Data to use:

• • •

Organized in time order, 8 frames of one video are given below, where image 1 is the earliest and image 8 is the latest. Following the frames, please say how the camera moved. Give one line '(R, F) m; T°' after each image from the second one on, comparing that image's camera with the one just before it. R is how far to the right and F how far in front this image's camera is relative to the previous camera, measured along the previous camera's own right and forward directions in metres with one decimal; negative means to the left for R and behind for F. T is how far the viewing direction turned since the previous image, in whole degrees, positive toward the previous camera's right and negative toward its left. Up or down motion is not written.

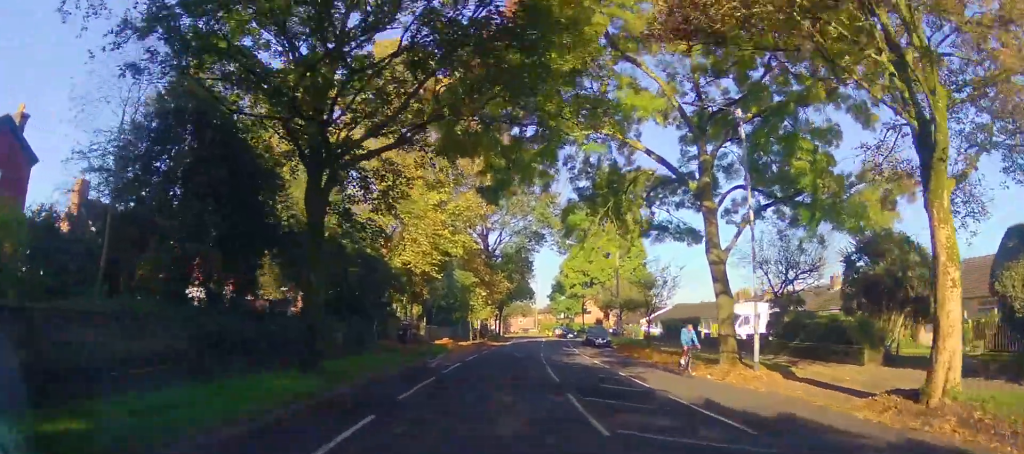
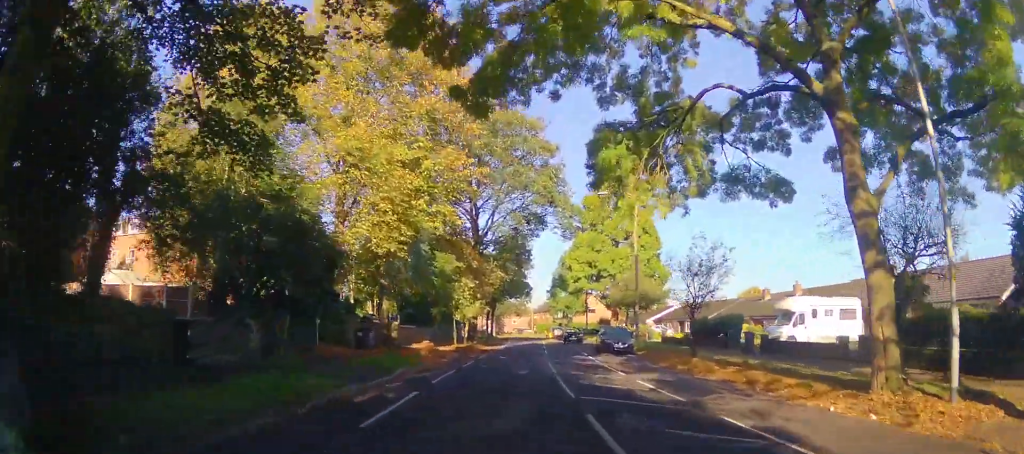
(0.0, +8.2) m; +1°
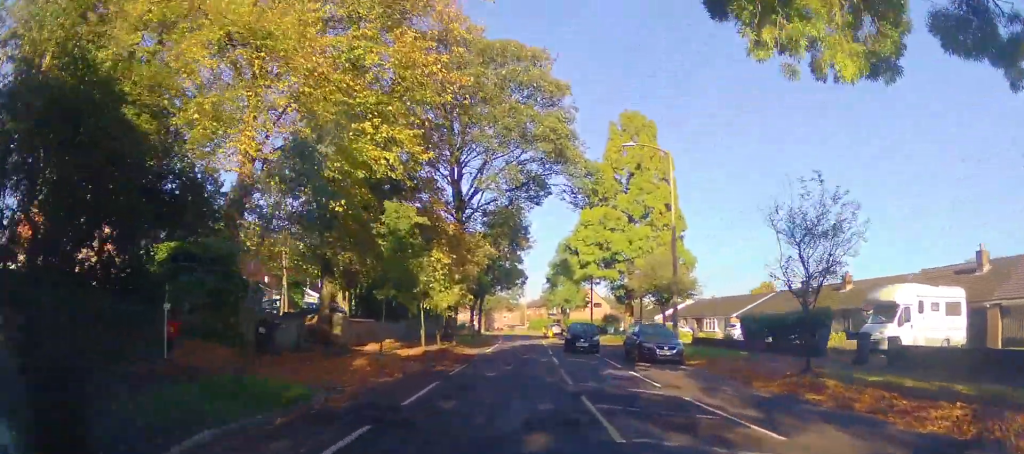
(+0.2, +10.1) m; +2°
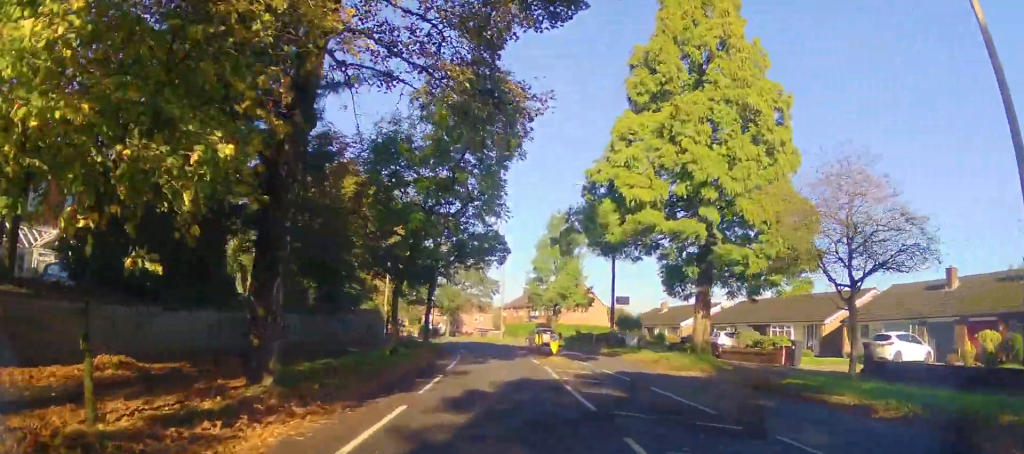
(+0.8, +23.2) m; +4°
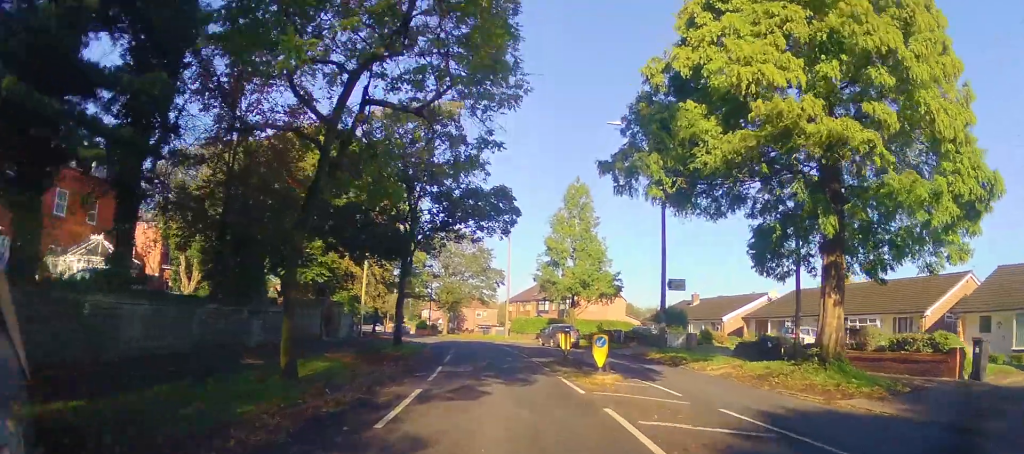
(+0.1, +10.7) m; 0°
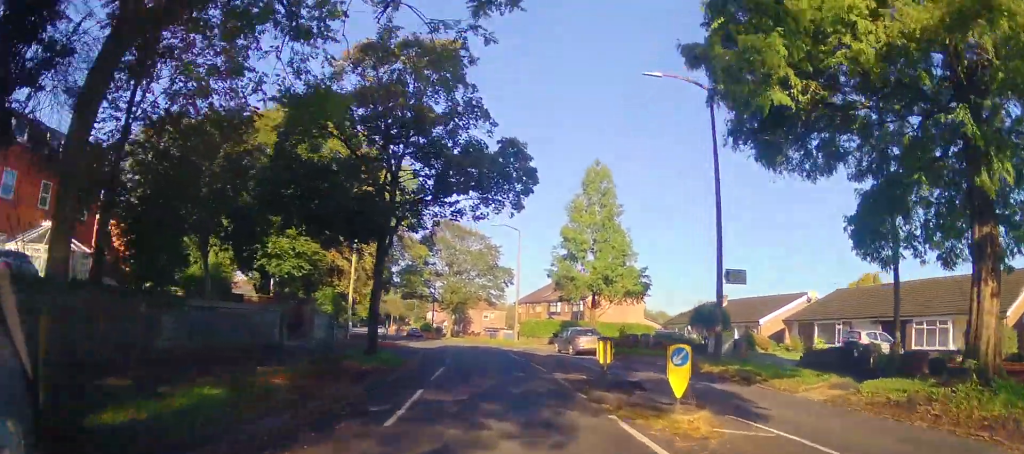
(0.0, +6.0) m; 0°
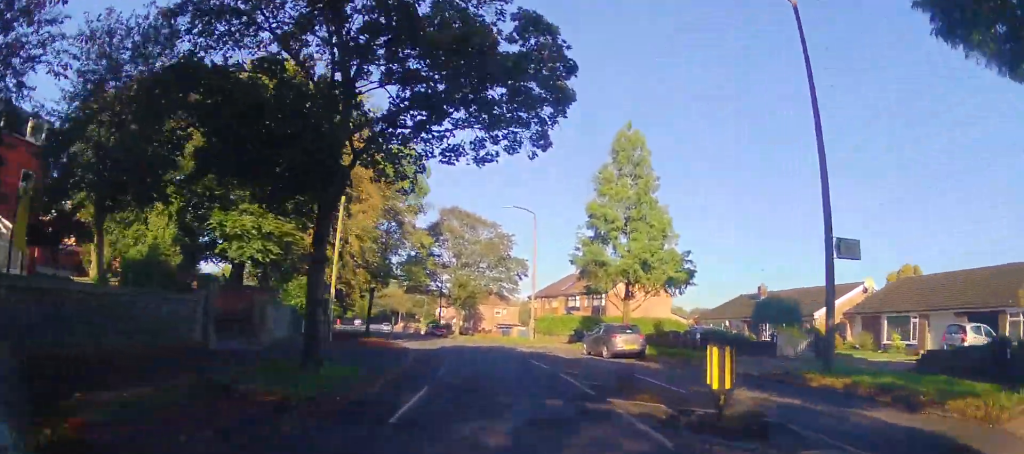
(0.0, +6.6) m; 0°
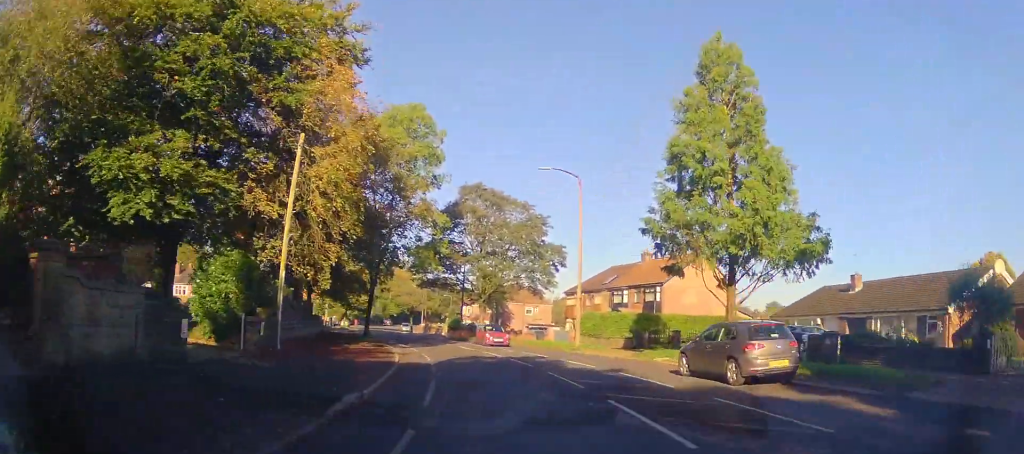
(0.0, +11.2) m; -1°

• • •

The task:
Could you give all the records again, exactly, minus the pictures?

Task answer:
Organized in time order, 8 frames of one video are given below, where image 1 is the earliest and image 8 is the latest. Following the frames, please say how the camera moved. Give one line '(R, F) m; T°' after each image from the second one on, comparing that image's camera with the one just before it. R is how far to the right and F how far in front this image's camera is relative to the previous camera, measured along the previous camera's own right and forward directions in metres with one decimal; negative means to the left for R and behind for F. T is how far the viewing direction turned since the previous image, in whole degrees, positive toward the previous camera's right and negative toward its left. Up or down motion is not written.

(0.0, +8.2) m; +1°
(+0.2, +10.1) m; +2°
(+0.8, +23.2) m; +4°
(+0.1, +10.7) m; 0°
(0.0, +6.0) m; 0°
(0.0, +6.6) m; 0°
(0.0, +11.2) m; -1°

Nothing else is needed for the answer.